>Thanks Yoshie, for (mostly) confirming my inchoate impressions with
>real statistics! It would indeed be very interesting to know the
>incomes of the women who could not afford to. Given how many
>extremely poor people have children, and how many times I've heard
>middle-class people say they couldn't afford them, my guess is that
>for many - sure, not all - of those who picked that answer, money
>was a proxy for desire.
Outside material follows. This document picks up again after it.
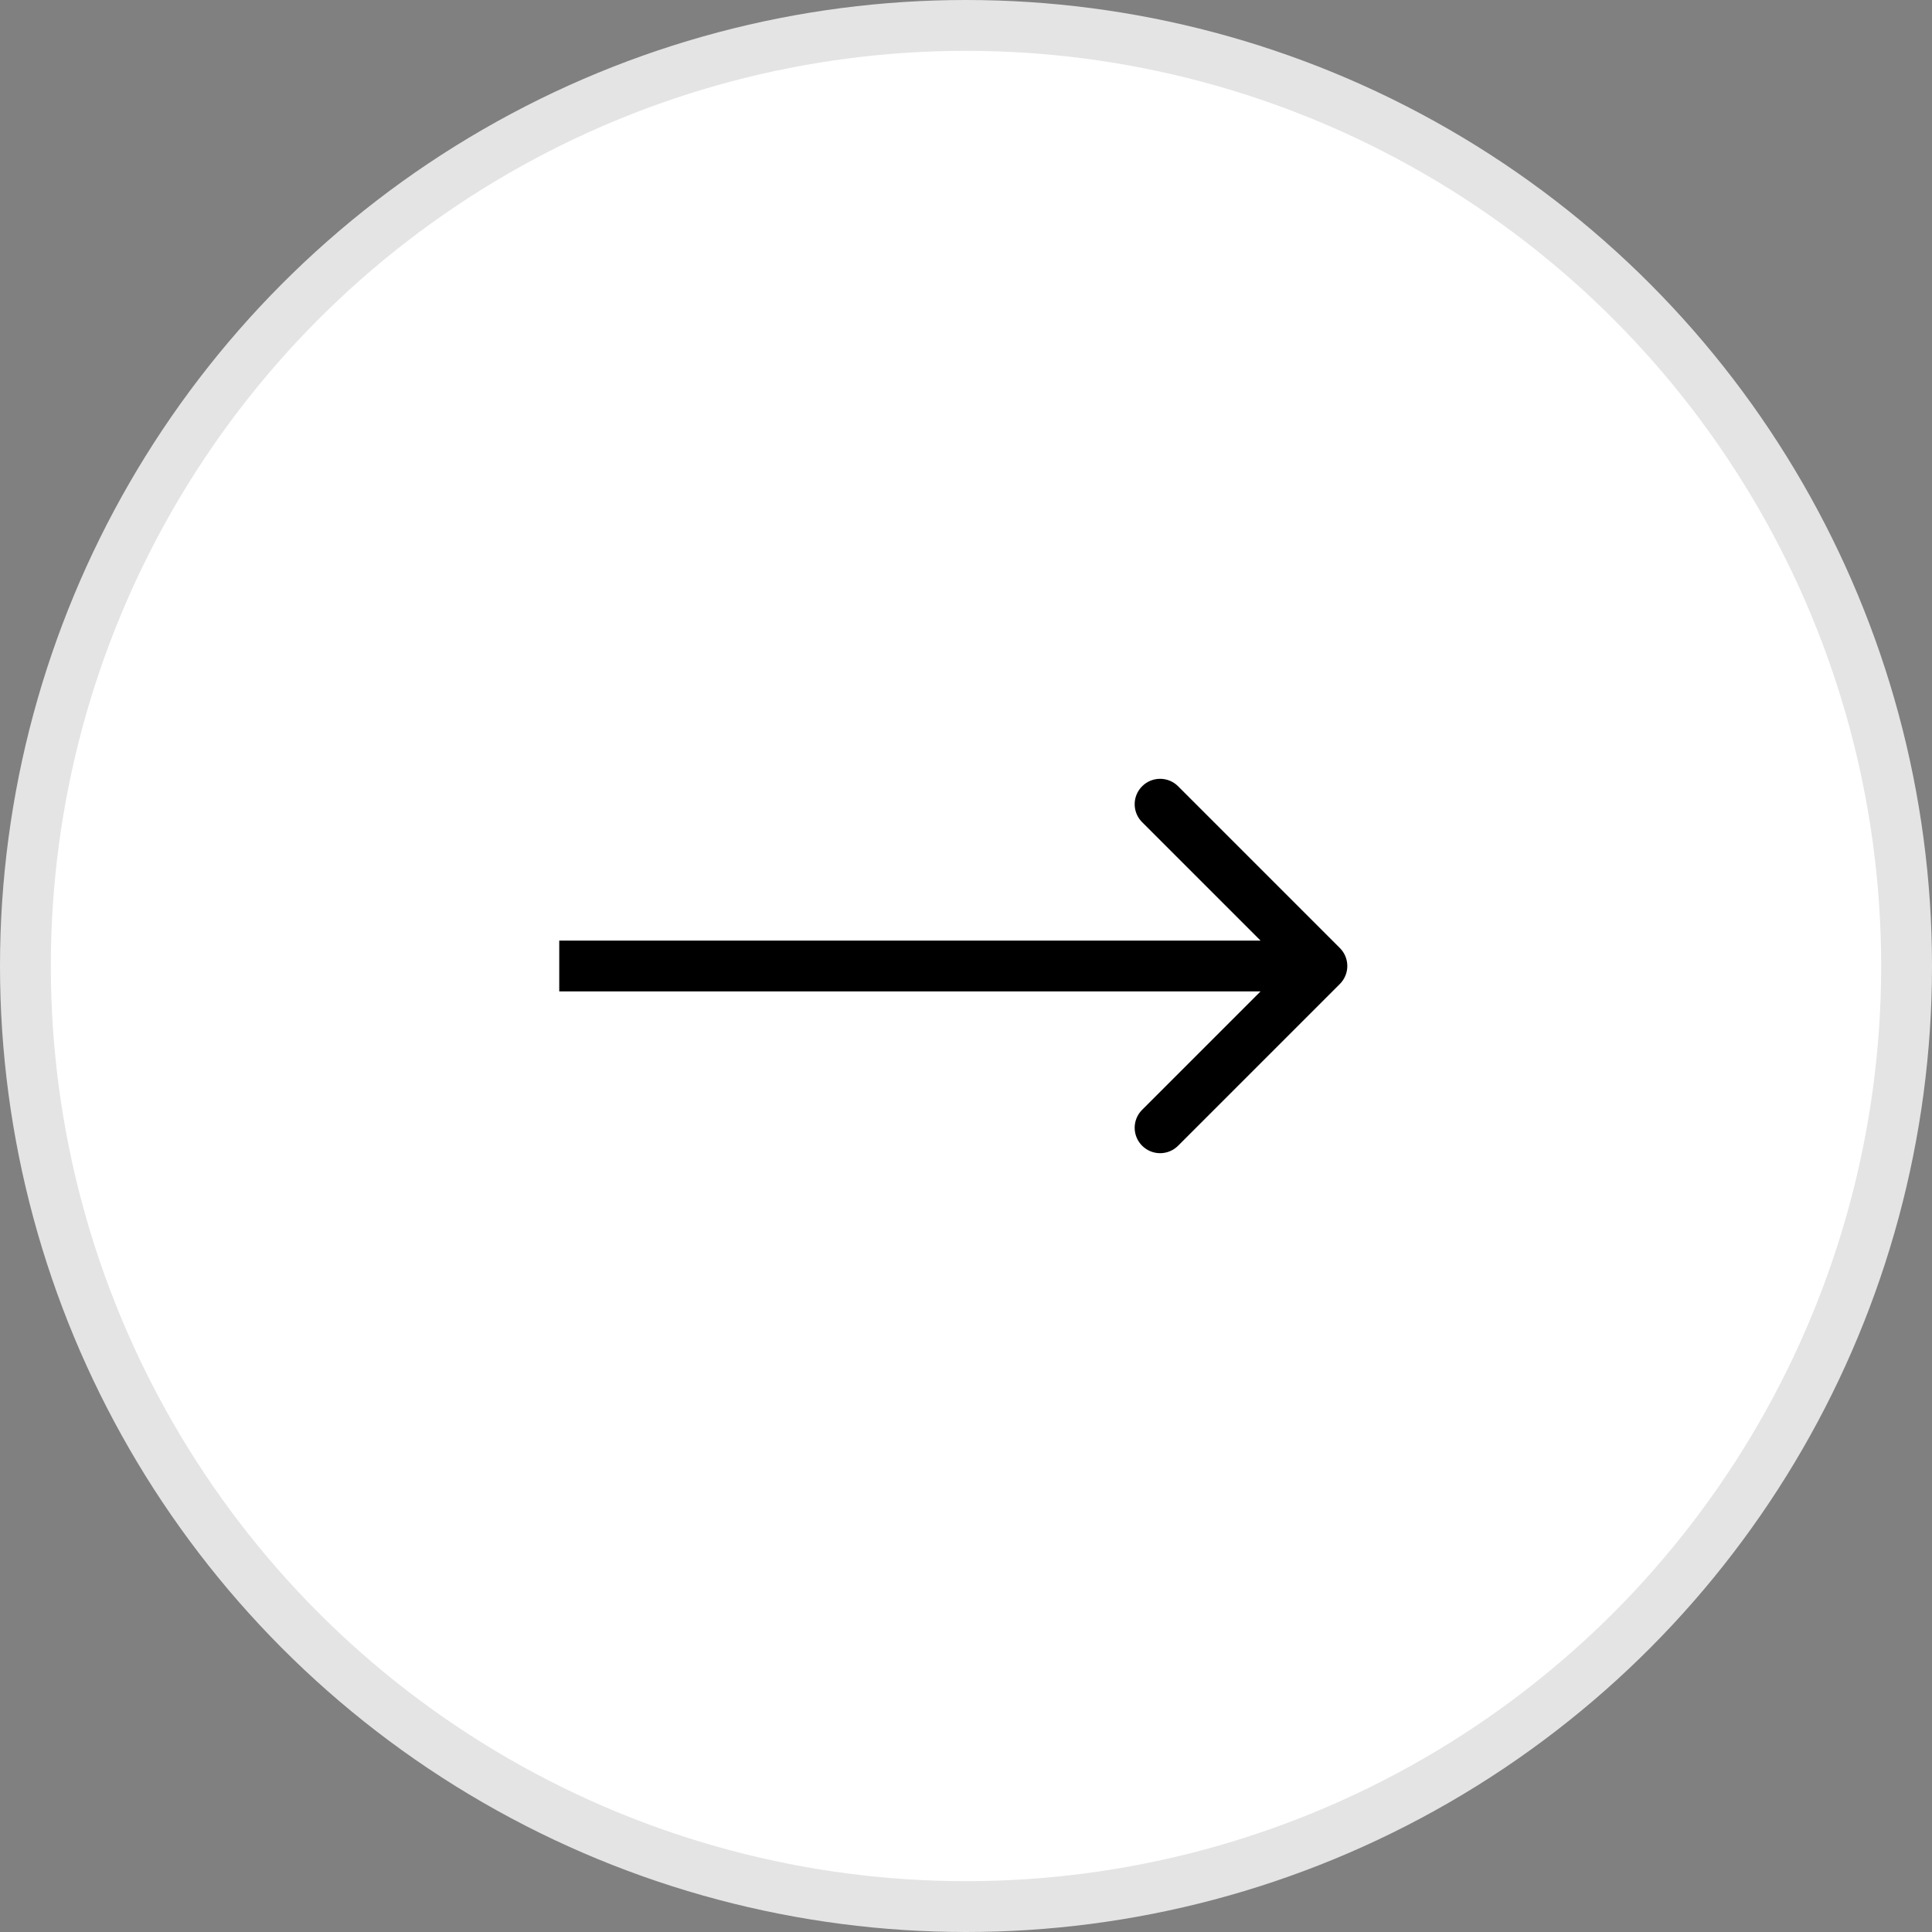 <?xml version="1.0" encoding="UTF-8"?> <svg xmlns="http://www.w3.org/2000/svg" width="58" height="58" viewBox="0 0 58 58" fill="none"><rect x="0" y="0" width="58" height="58" fill="#808080" stroke="none"/><circle cx="29" cy="29" r="28.237" fill="white" stroke="#E4E4E4" stroke-width="1.526"></circle><path d="M40.223 28.46C40.522 28.758 40.522 29.242 40.223 29.54L35.367 34.396C35.069 34.694 34.586 34.694 34.288 34.396C33.989 34.098 33.989 33.615 34.288 33.317L38.605 29L34.288 24.683C33.989 24.385 33.989 23.902 34.288 23.604C34.586 23.306 35.069 23.306 35.367 23.604L40.223 28.46ZM16.789 28.237L39.684 28.237V29.763L16.789 29.763V28.237Z" fill="black"></path></svg>

That is, having a child was a financial
>burden they did not WANT to shoulder.
Your hypothesis that women who say that they "cannot afford" a baby as the primary reason for abortion aren't necessarily the poorest women and that the majority of them may very well be middle-income women, I think, is most likely correct. I believe that for middle-income women to say that they "have to" have an abortion because they "can't afford" a baby when lots of poor women have children (and often rear them without male financial support) is probably counter-productive politically, especially for the purpose of building solidarity of working-class women across income strata, because the stated reason probably won't strike many poor women as "true." It's much better for us all to discuss what we want and don't want frankly.
Joanna wrote:
>In deciding for/against abortion, the mother is considering the
>viability of the child and the viability of the mother -- and
>seemingly unrelated issues like subsidized child care, health care,
>family wage etc. may play a large part in that decision.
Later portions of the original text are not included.